- **Problem description**:
Please return the data word for word and leave out any picture it contains.

- **Records**:
□ □ □ □ □ □ □

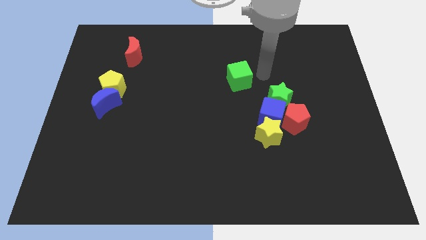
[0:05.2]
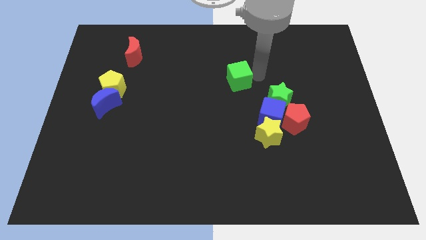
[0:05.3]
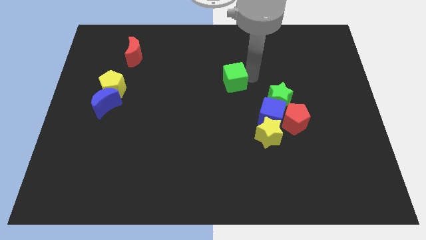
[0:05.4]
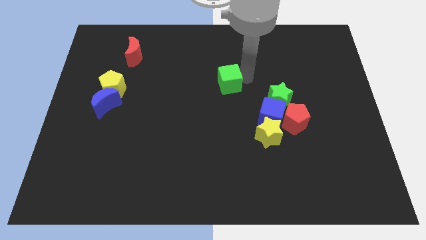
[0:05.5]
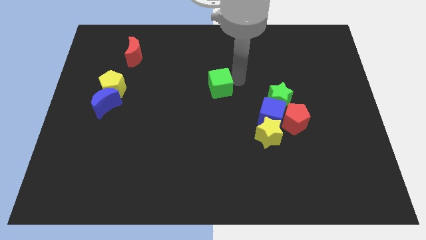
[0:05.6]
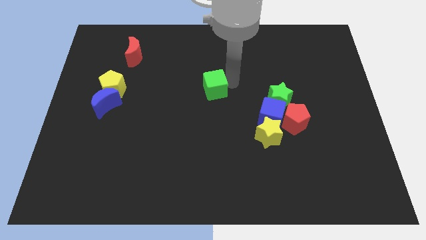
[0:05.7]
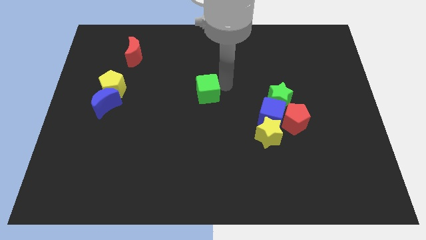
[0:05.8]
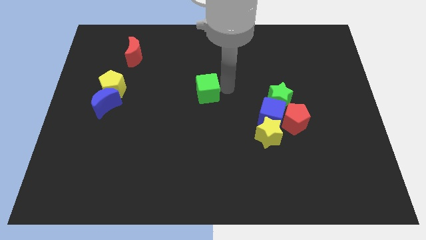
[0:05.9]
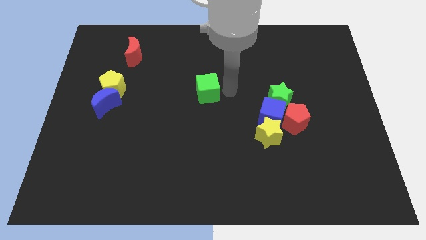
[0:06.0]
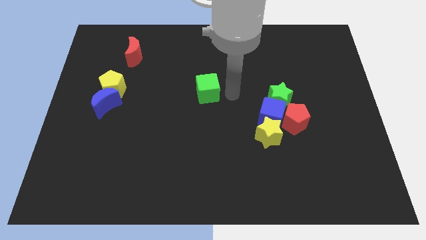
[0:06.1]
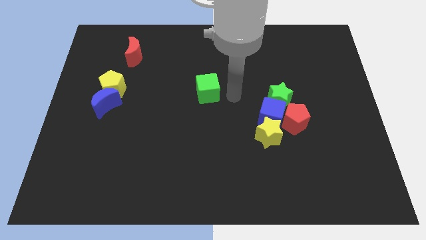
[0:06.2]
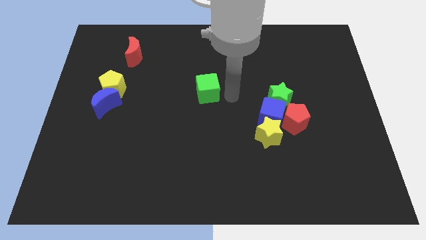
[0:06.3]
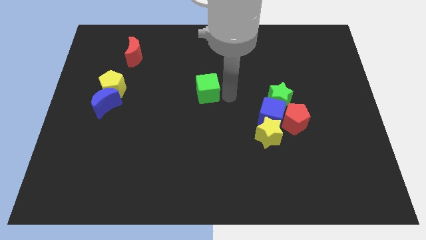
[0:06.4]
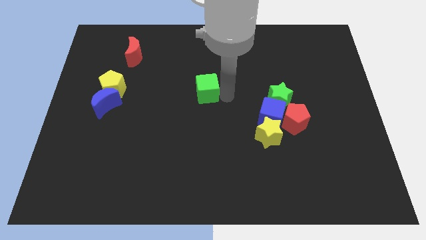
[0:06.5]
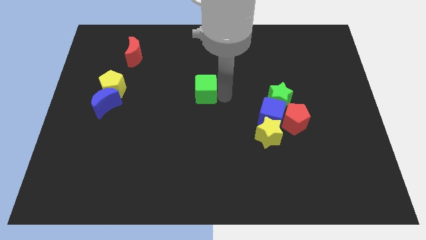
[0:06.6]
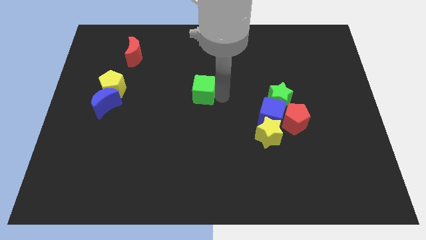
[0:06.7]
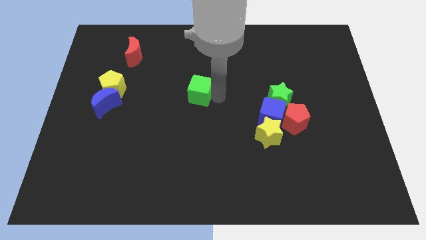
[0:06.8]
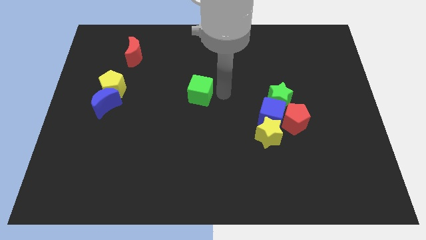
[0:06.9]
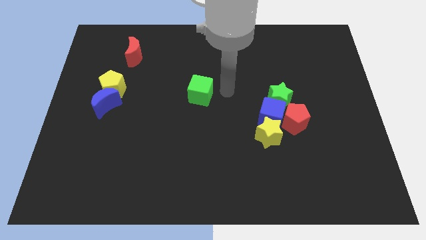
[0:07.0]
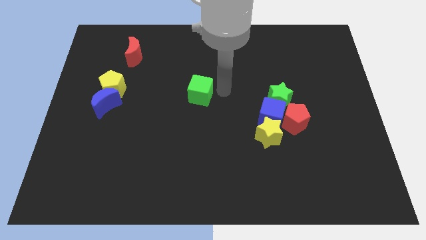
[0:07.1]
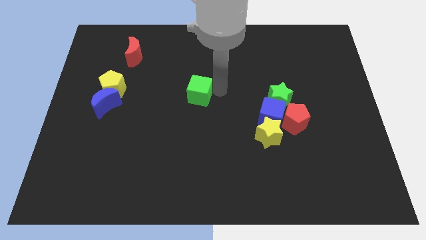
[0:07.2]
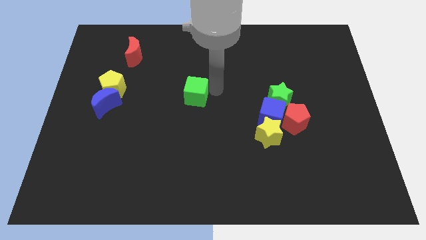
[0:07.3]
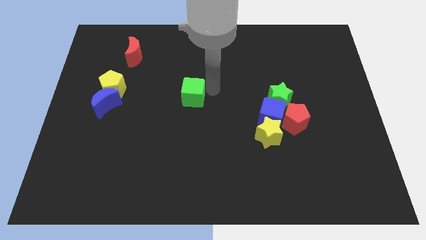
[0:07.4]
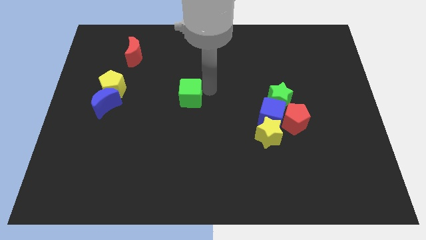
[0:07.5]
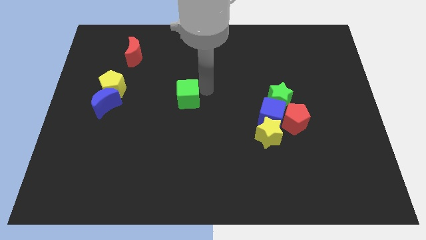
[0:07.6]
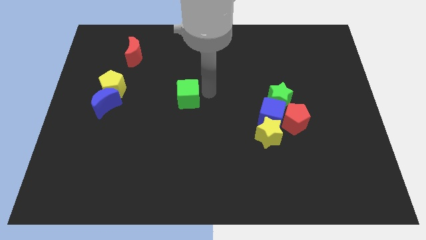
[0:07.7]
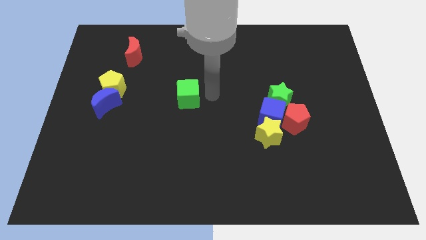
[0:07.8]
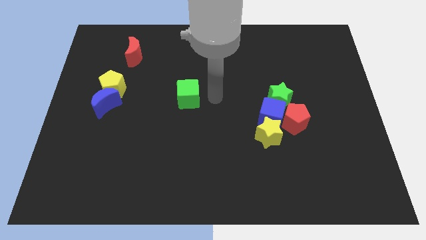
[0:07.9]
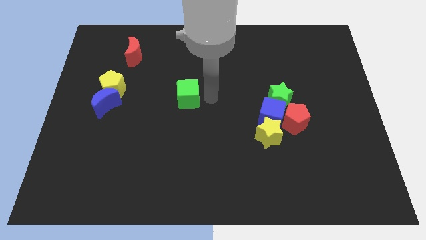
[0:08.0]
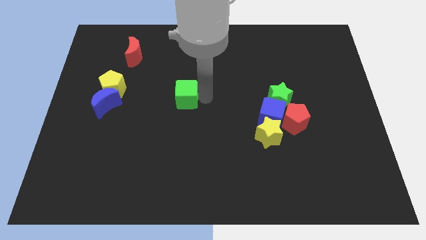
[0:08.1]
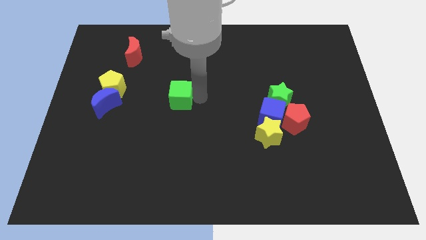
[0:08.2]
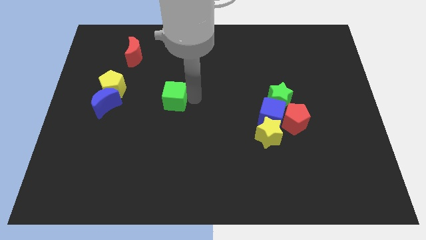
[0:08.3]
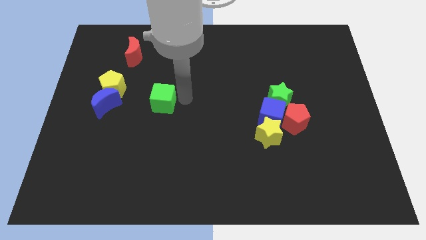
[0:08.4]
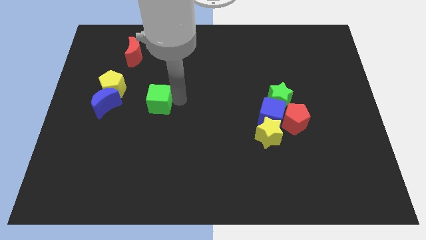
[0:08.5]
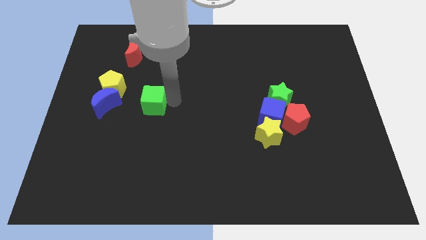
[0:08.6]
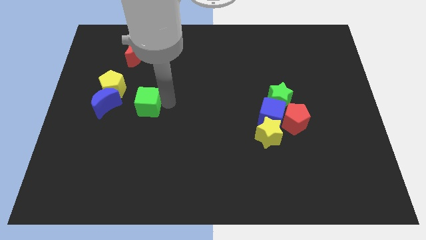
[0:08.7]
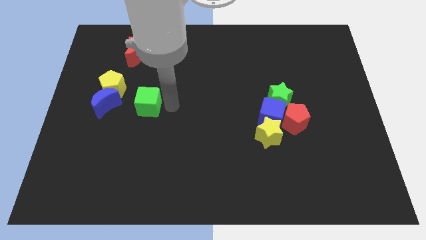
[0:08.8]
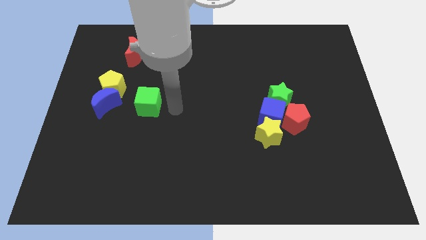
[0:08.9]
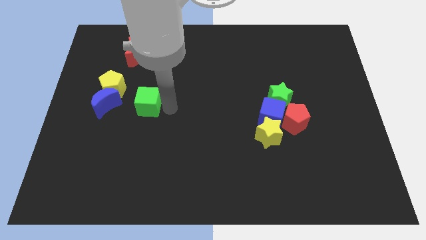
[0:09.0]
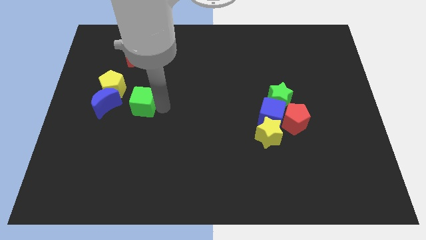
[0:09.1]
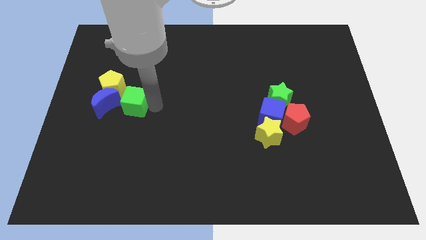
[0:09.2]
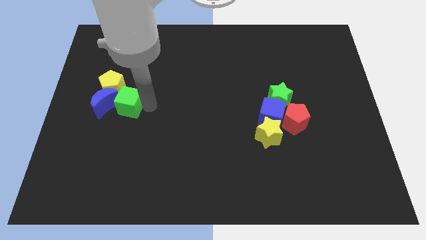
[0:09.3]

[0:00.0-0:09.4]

□ □ □ □ □ □ □

- **Result of this task**:
[0:05.2]
[0:05.3]
[0:05.4]
[0:05.5]
[0:05.6]
[0:05.7]
[0:05.8]
[0:05.9]
[0:06.0]
[0:06.1]
[0:06.2]
[0:06.3]
[0:06.4]
[0:06.5]
[0:06.6]
[0:06.7]
[0:06.8]
[0:06.9]
[0:07.0]
[0:07.1]
[0:07.2]
[0:07.3]
[0:07.4]
[0:07.5]
[0:07.6]
[0:07.7]
[0:07.8]
[0:07.9]
[0:08.0]
[0:08.1]
[0:08.2]
[0:08.3]
[0:08.4]
[0:08.5]
[0:08.6]
[0:08.7]
[0:08.8]
[0:08.9]
[0:09.0]
[0:09.1]
[0:09.2]
[0:09.3]

[0:00.0-0:09.4]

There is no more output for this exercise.